HOW TO COMPLETE THIS TASK —
All of the data that follows is to be printed exactly, without pictures.

INFORMATION SUPPLIED —

=-=-=

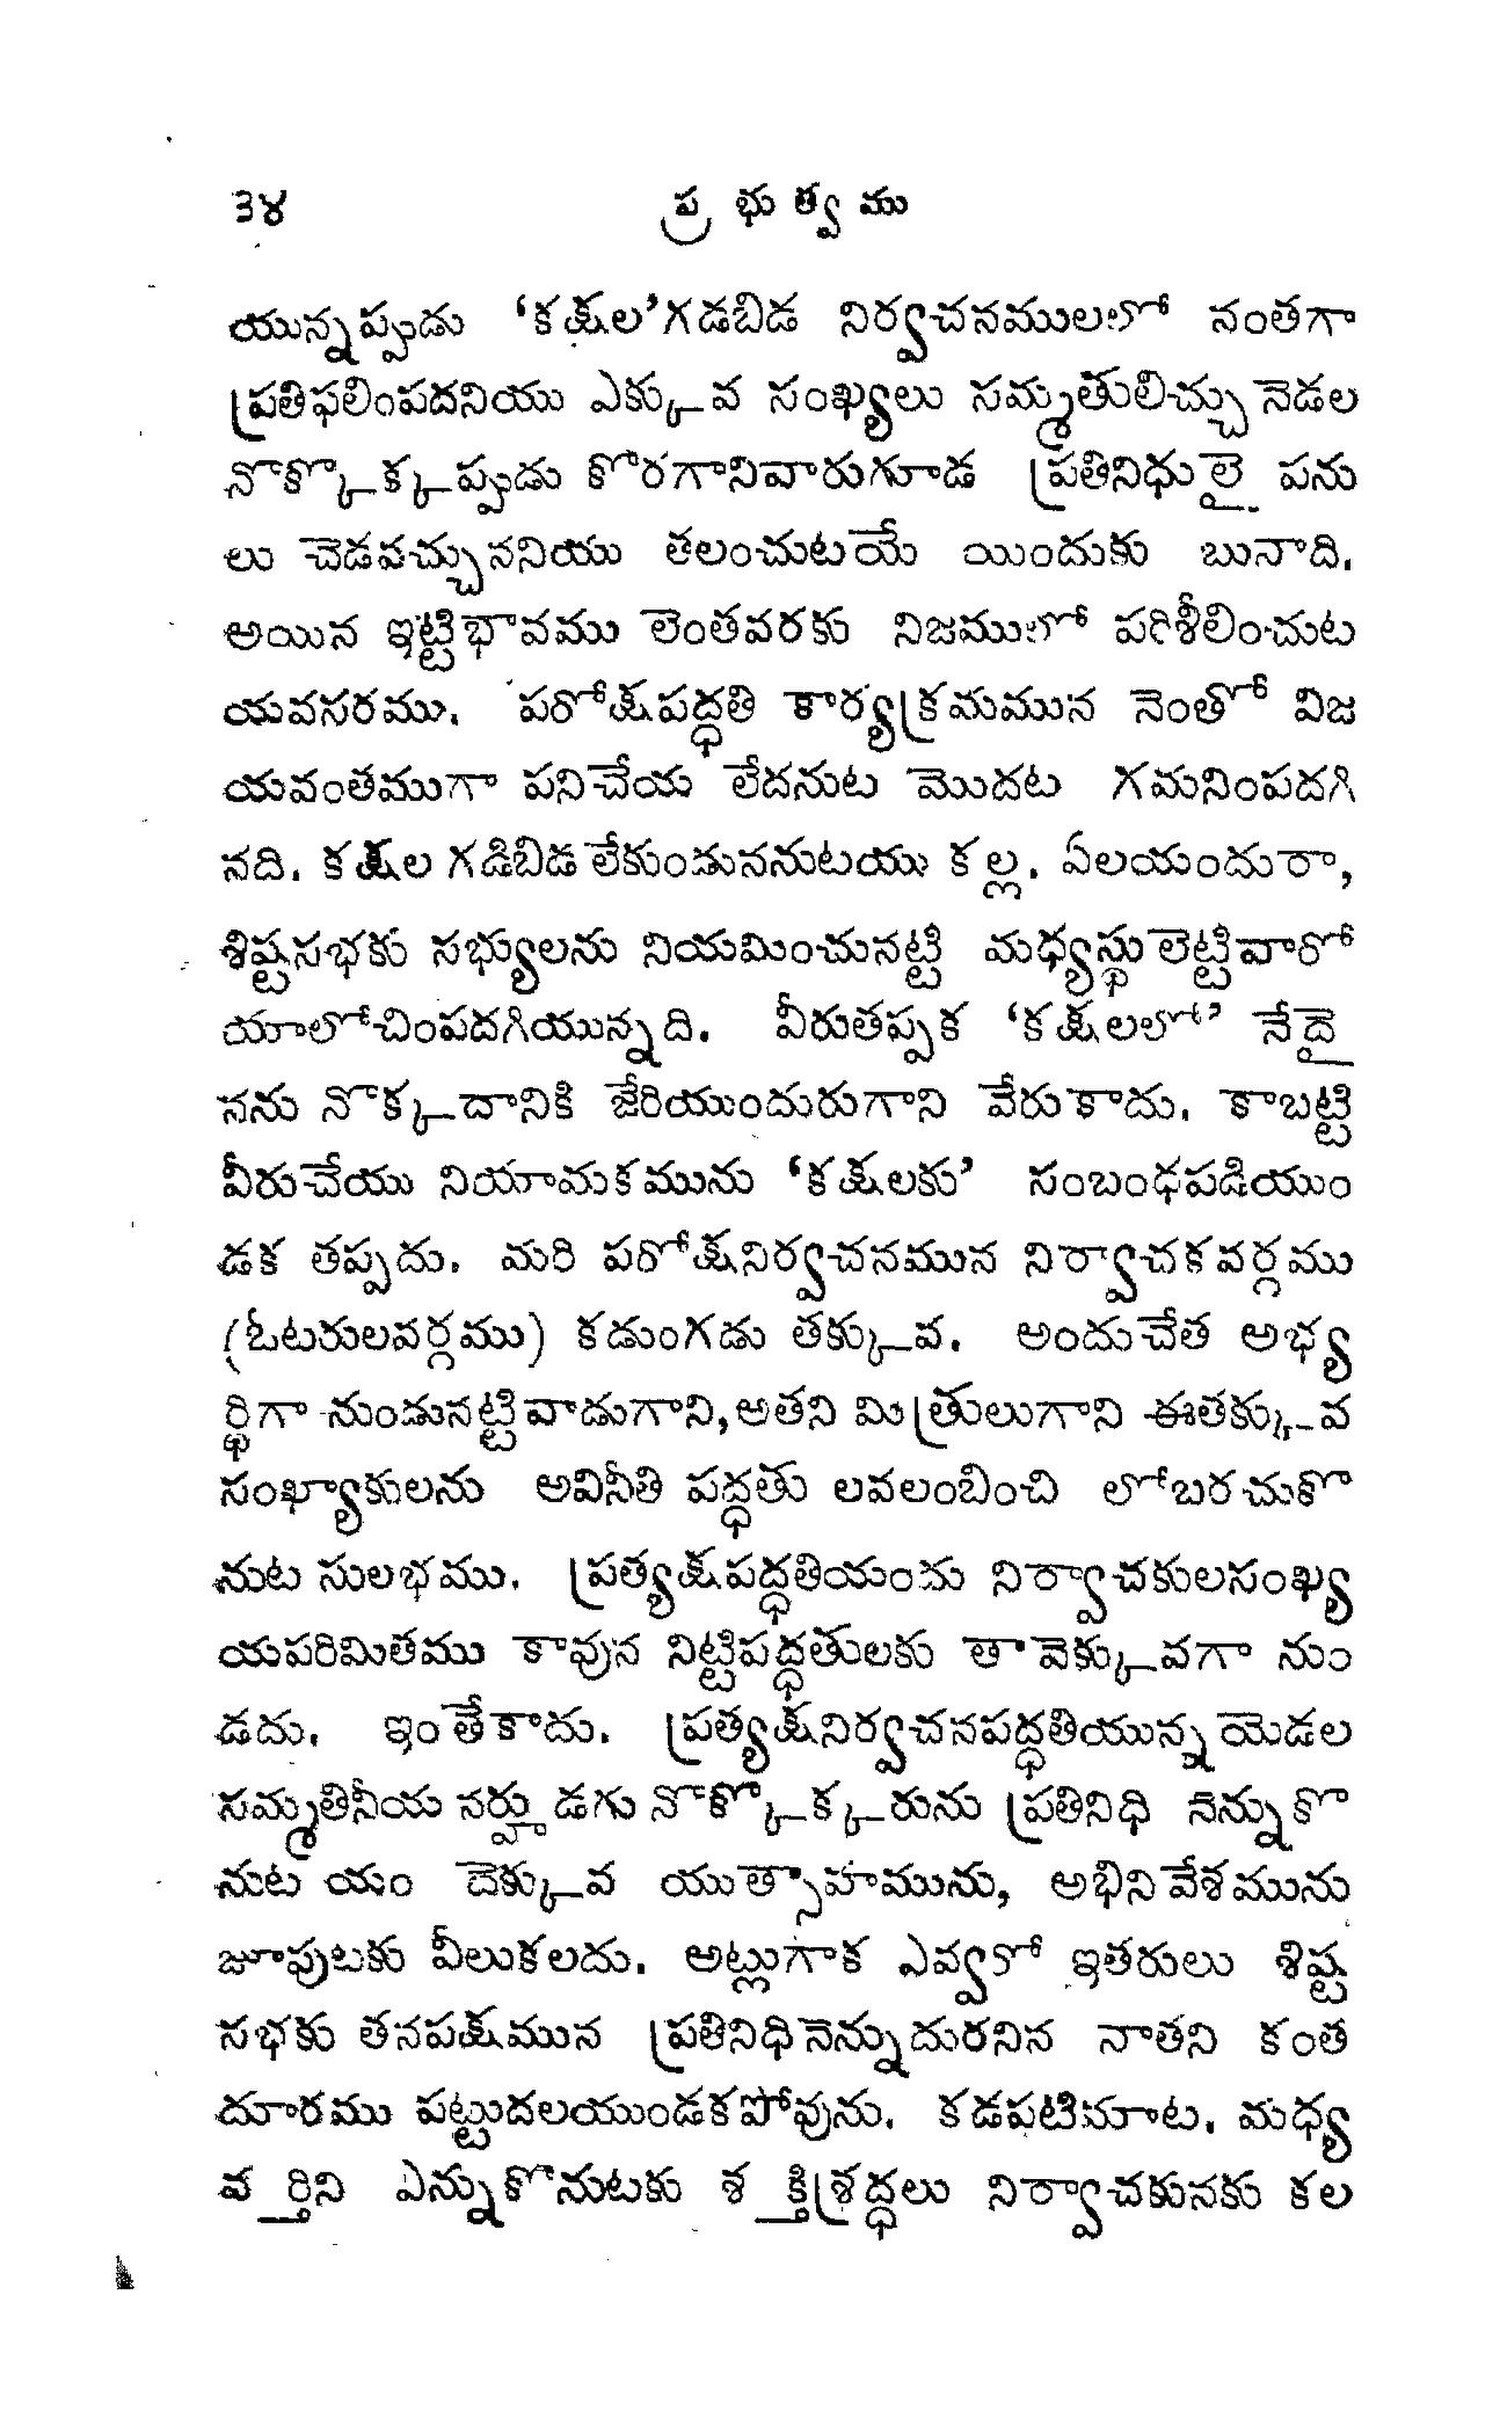యున్నప్పుడు 'కక్షల గడబిడ నిర్వచనములలో నంతగా ప్రతిఫలింపదనియు ఎక్కువ సంఖ్యలు సమ్మతులిచ్చు నెడల నొక్కొక్కప్పుడు కొరగానివారుగూడ ప్రతినిధులై పనులు చెడవచ్చుననియు తలంచుటయే యిందుకు బునాది. అయిన ఇట్టిభావము లెంతవరకు నిజములో పరిశీలించుట
యవసరము. పరోక్షపద్ధతి కార్యక్రమమున నెంతో విజయవంతముగా పనిచేయ లేదనుట మొదట గమనింపదగినది. కక్షల గడిబిడ లేకుండుననుటయు కల్ల. ఏలయందురా, శిష్టసభకు సభ్యులను నియమించునట్టి మధ్యస్థులెట్టివారో యాలోచింపదగియున్నది. వీరుతప్పక 'కక్షలలో' నేదైనను నొక్కదానికి జేరియుందురుగాని వేరుకాదు. కాబట్టి వీరుచేయు నియామకమును 'కక్షలకు' సంబంధపడియుండక తప్పదు. మరి పరోక్షనిర్వచనమున నిర్వాచకవర్గము (ఓటరులవర్గము) కడుంగడు తక్కువ. అందుచేత అభ్యర్థిగా నుండునట్టివాడుగాని, అతని మిత్రులుగాని ఈతక్కువ
సంఖ్యాకులను అవినీతి పద్ధతు లవలంబించి లోబరచుకొనుట సులభము. ప్రత్యక్షపద్ధతియందు నిర్వాచకులసంఖ్య యపరిమితము కావున నిట్టిపద్ధతులకు తావెక్కువగా నుండదు. ఇంతేకాదు. ప్రత్యక్షనిర్వచనపద్ధతియున్న యెడల సమ్మతినీయ నర్హుడగు నొక్కొక్కరును ప్రతినిధి నన్నుకొనుట యం దెక్కువ యుత్సాహమును, అభినివేశమును జూపుటకు వీలుకలదు. అట్లుగాక ఎవ్వరో ఇతరులు శిష్ట
సభకు తనపక్షమున ప్రతినిధినెన్నుదురనిన నాతని కంత దూరము పట్టుదలయుండకపోవును. కడపటిమాట. మధ్యవర్తిని ఎన్నుకొనుటకు శక్తిశ్రద్ధలు నిర్వాచకునకు కల

=-=-=

WRITTEN REPLY —
యున్నప్పుడు 'కక్షల గడబిడ నిర్వచనములలో నంతగా ప్రతిఫలింపదనియు ఎక్కువ సంఖ్యలు సమ్మతులిచ్చు నెడల నొక్కొక్కప్పుడు కొరగానివారుగూడ ప్రతినిధులై పనులు చెడవచ్చుననియు తలంచుటయే యిందుకు బునాది. అయిన ఇట్టిభావము లెంతవరకు నిజములో పరిశీలించుట
యవసరము. పరోక్షపద్ధతి కార్యక్రమమున నెంతో విజయవంతముగా పనిచేయ లేదనుట మొదట గమనింపదగినది. కక్షల గడిబిడ లేకుండుననుటయు కల్ల. ఏలయందురా, శిష్టసభకు సభ్యులను నియమించునట్టి మధ్యస్థులెట్టివారో యాలోచింపదగియున్నది. వీరుతప్పక 'కక్షలలో' నేదైనను నొక్కదానికి జేరియుందురుగాని వేరుకాదు. కాబట్టి వీరుచేయు నియామకమును 'కక్షలకు' సంబంధపడియుండక తప్పదు. మరి పరోక్షనిర్వచనమున నిర్వాచకవర్గము (ఓటరులవర్గము) కడుంగడు తక్కువ. అందుచేత అభ్యర్థిగా నుండునట్టివాడుగాని, అతని మిత్రులుగాని ఈతక్కువ
సంఖ్యాకులను అవినీతి పద్ధతు లవలంబించి లోబరచుకొనుట సులభము. ప్రత్యక్షపద్ధతియందు నిర్వాచకులసంఖ్య యపరిమితము కావున నిట్టిపద్ధతులకు తావెక్కువగా నుండదు. ఇంతేకాదు. ప్రత్యక్షనిర్వచనపద్ధతియున్న యెడల సమ్మతినీయ నర్హుడగు నొక్కొక్కరును ప్రతినిధి నన్నుకొనుట యం దెక్కువ యుత్సాహమును, అభినివేశమును జూపుటకు వీలుకలదు. అట్లుగాక ఎవ్వరో ఇతరులు శిష్ట
సభకు తనపక్షమున ప్రతినిధినెన్నుదురనిన నాతని కంత దూరము పట్టుదలయుండకపోవును. కడపటిమాట. మధ్యవర్తిని ఎన్నుకొనుటకు శక్తిశ్రద్ధలు నిర్వాచకునకు కల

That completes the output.